▸ **Prompt**:
Repeat the data exactly, leaving out any image.

[Stored records]
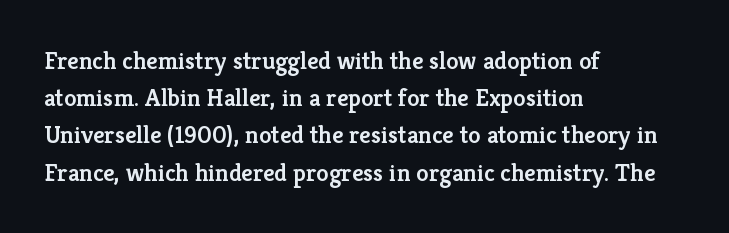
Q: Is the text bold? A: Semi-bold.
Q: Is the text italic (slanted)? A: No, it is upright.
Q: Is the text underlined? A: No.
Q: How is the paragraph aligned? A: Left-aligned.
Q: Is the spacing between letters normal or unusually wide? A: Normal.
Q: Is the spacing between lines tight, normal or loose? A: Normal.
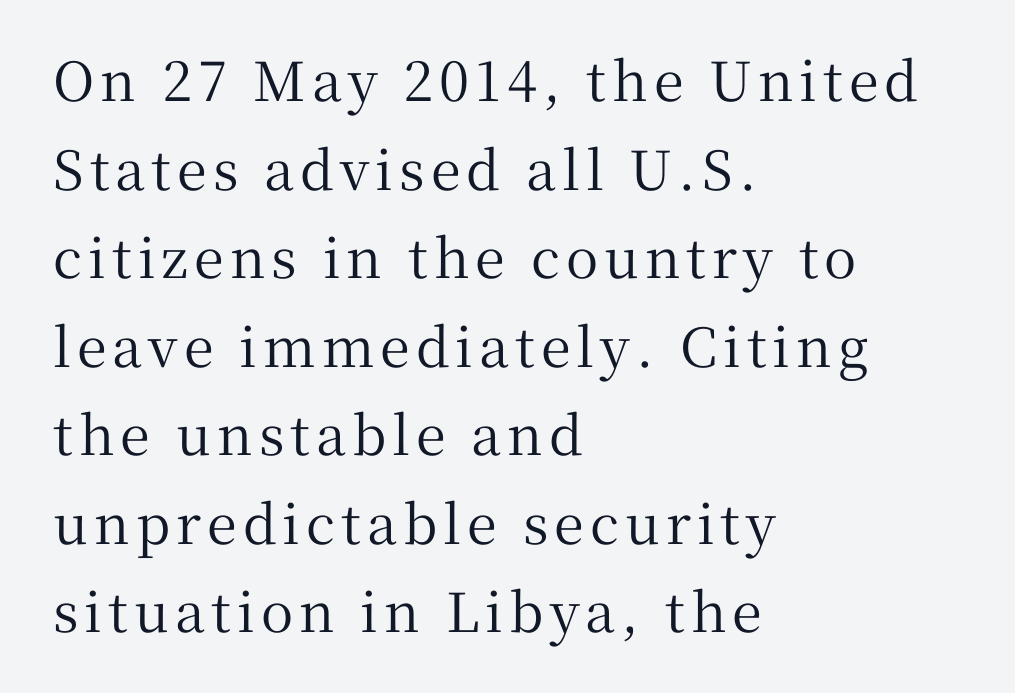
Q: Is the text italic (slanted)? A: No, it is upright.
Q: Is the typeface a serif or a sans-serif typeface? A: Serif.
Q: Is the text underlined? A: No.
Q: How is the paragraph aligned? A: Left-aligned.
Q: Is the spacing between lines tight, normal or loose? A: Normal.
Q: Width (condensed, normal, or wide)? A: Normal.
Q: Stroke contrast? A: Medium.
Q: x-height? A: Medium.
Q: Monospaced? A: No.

▸ **Task output**:
Q: Is the text bold? A: Semi-bold.
Q: Is the text italic (slanted)? A: No, it is upright.
Q: Is the text underlined? A: No.
Q: How is the paragraph aligned? A: Left-aligned.
Q: Is the spacing between letters normal or unusually wide? A: Normal.
Q: Is the spacing between lines tight, normal or loose? A: Normal.
Q: Is the text italic (slanted)? A: No, it is upright.
Q: Is the typeface a serif or a sans-serif typeface? A: Serif.
Q: Is the text underlined? A: No.
Q: How is the paragraph aligned? A: Left-aligned.
Q: Is the spacing between lines tight, normal or loose? A: Normal.
Q: Width (condensed, normal, or wide)? A: Normal.
Q: Stroke contrast? A: Medium.
Q: x-height? A: Medium.
Q: Monospaced? A: No.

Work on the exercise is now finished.